*What you need to do:* Search the material for lines containing the word "path", and copy each one.

Start of Excerpted records

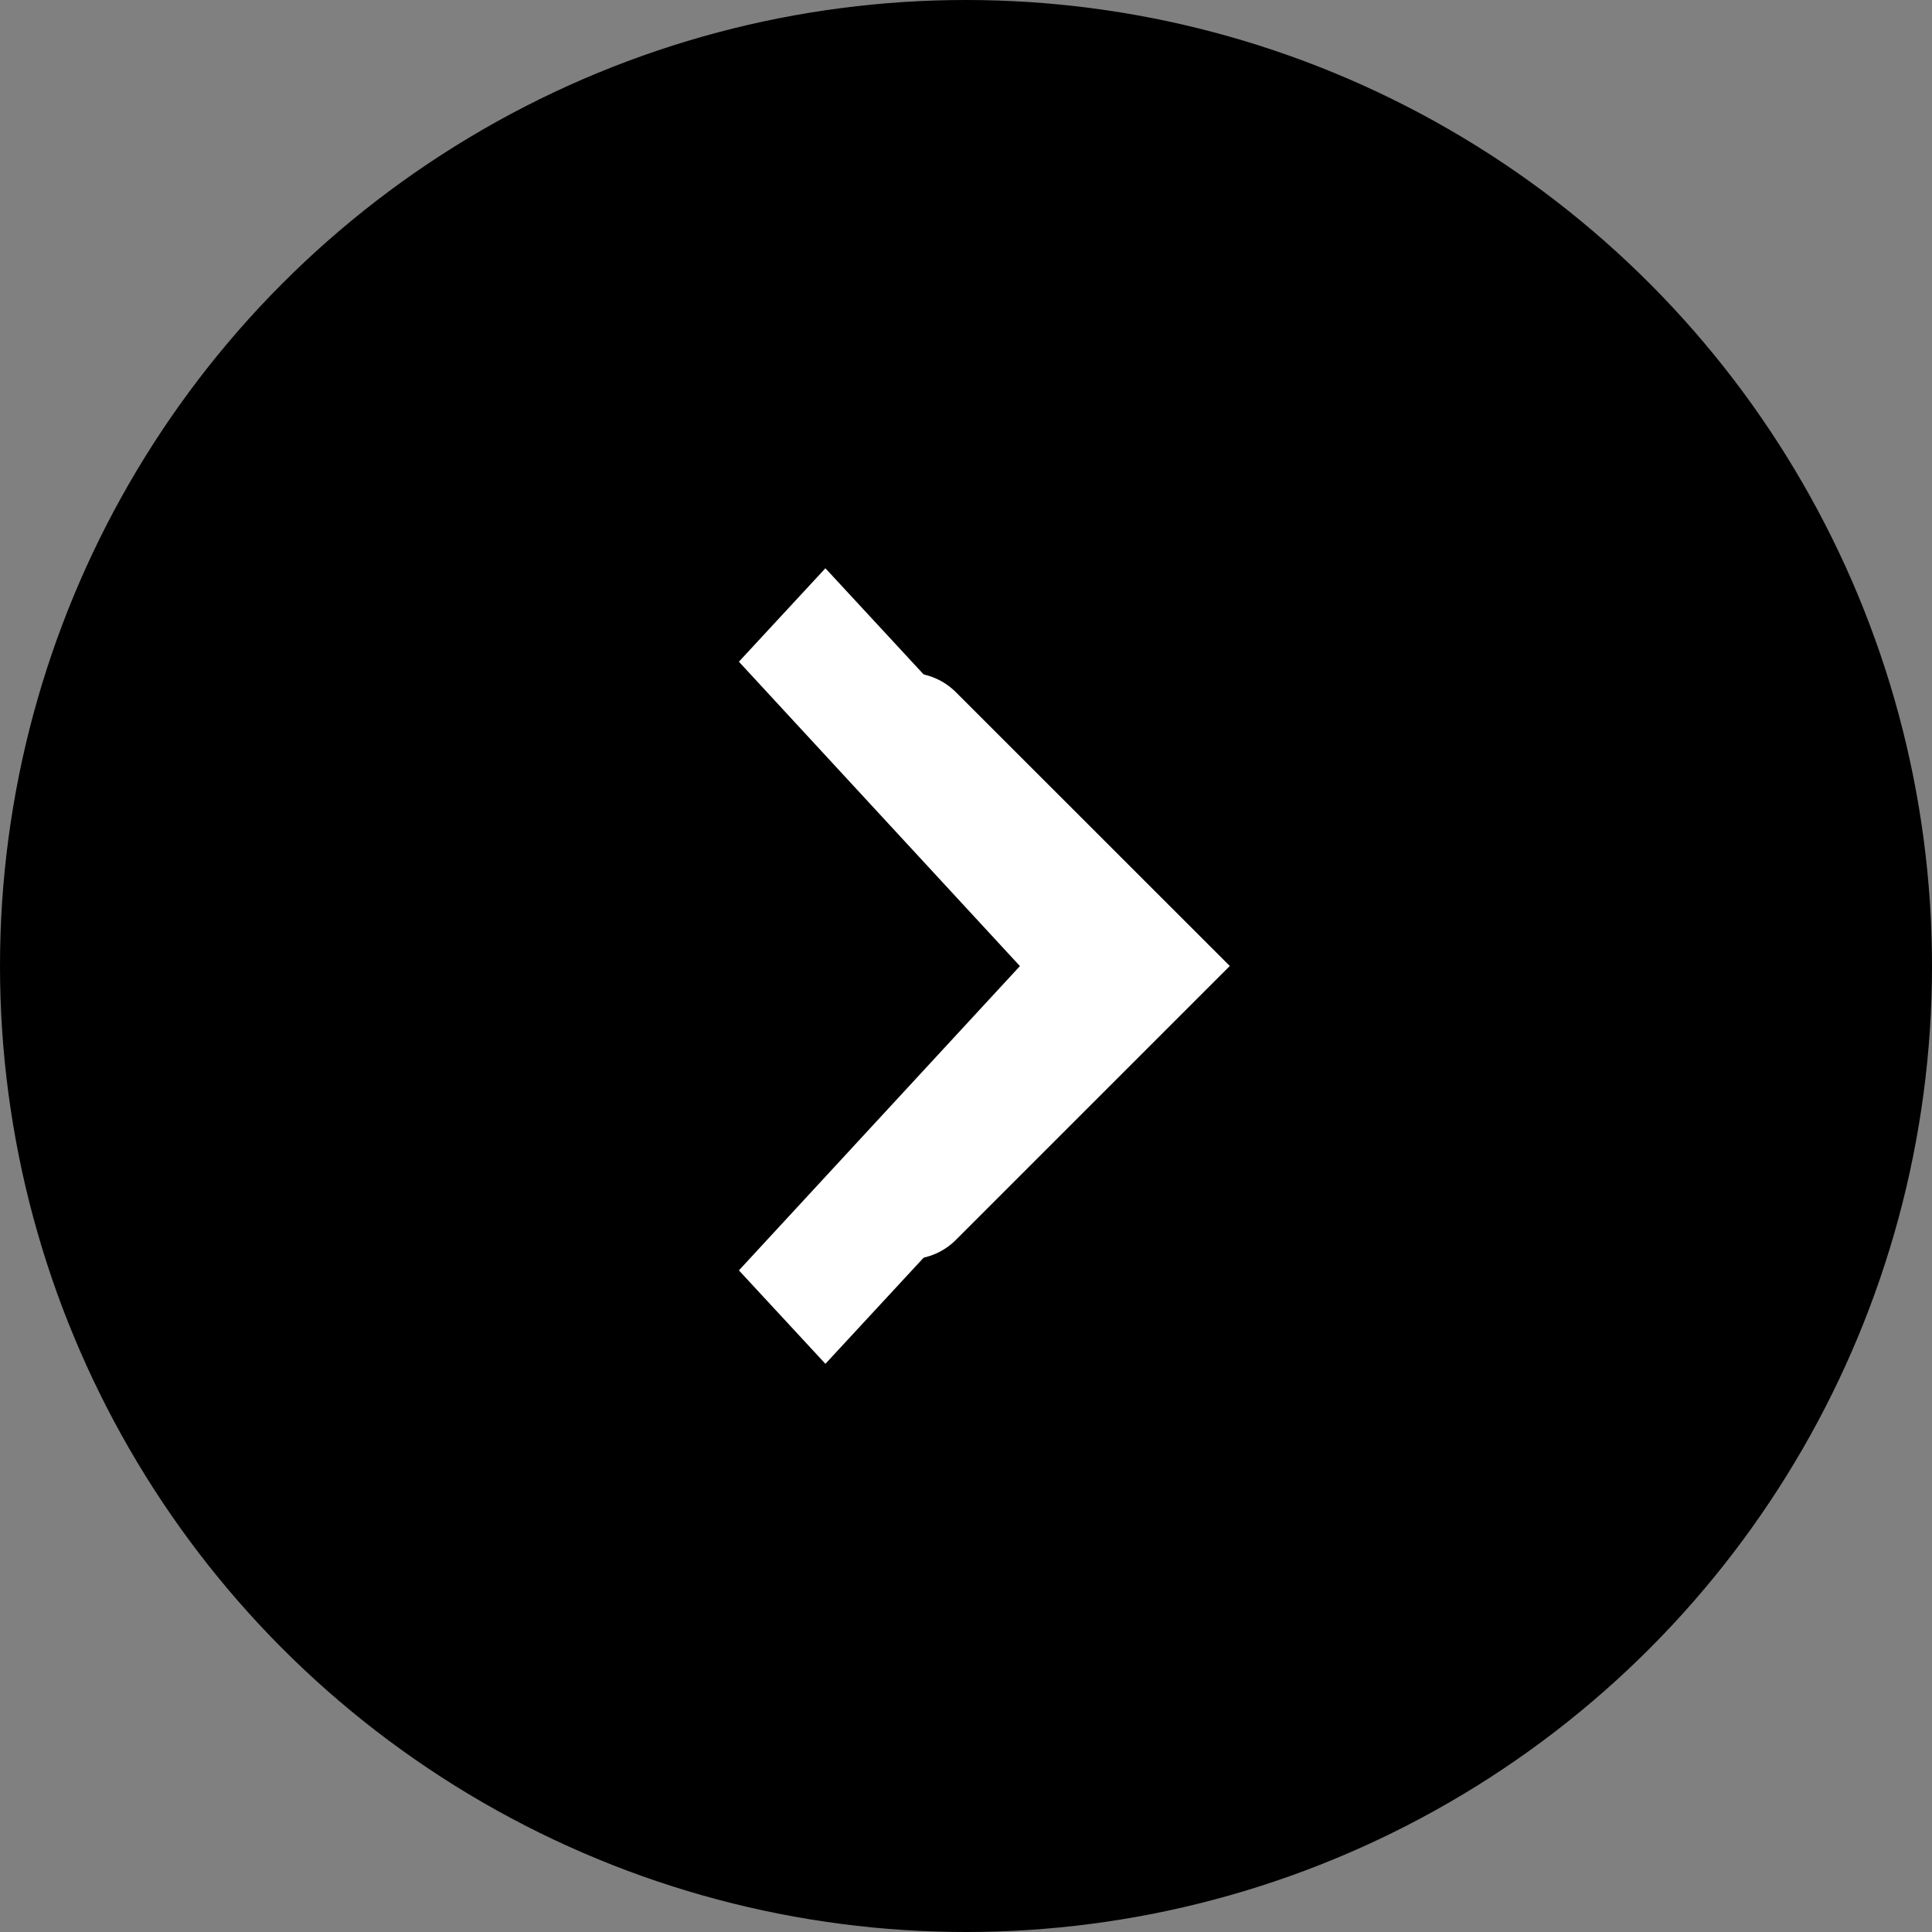 <svg width="22" height="22" viewBox="0 0 22 22" fill="none" xmlns="http://www.w3.org/2000/svg">
<rect x="0" y="0" width="22" height="22" fill="#808080" stroke="none"/>
<circle cx="11" cy="11" r="11" fill="black"/>
<path d="M10.354 8.412L12.943 11L10.354 13.589" stroke="white" stroke-width="1.5" stroke-linecap="round"/>
<path d="M8.414 14.466L11.614 11.001L8.414 7.535L9.399 6.471L13.591 11.001L9.399 15.53L8.414 14.466Z" fill="white"/>
</svg>

End of Excerpted records

*Task response:*
<path d="M10.354 8.412L12.943 11L10.354 13.589" stroke="white" stroke-width="1.5" stroke-linecap="round"/>
<path d="M8.414 14.466L11.614 11.001L8.414 7.535L9.399 6.471L13.591 11.001L9.399 15.53L8.414 14.466Z" fill="white"/>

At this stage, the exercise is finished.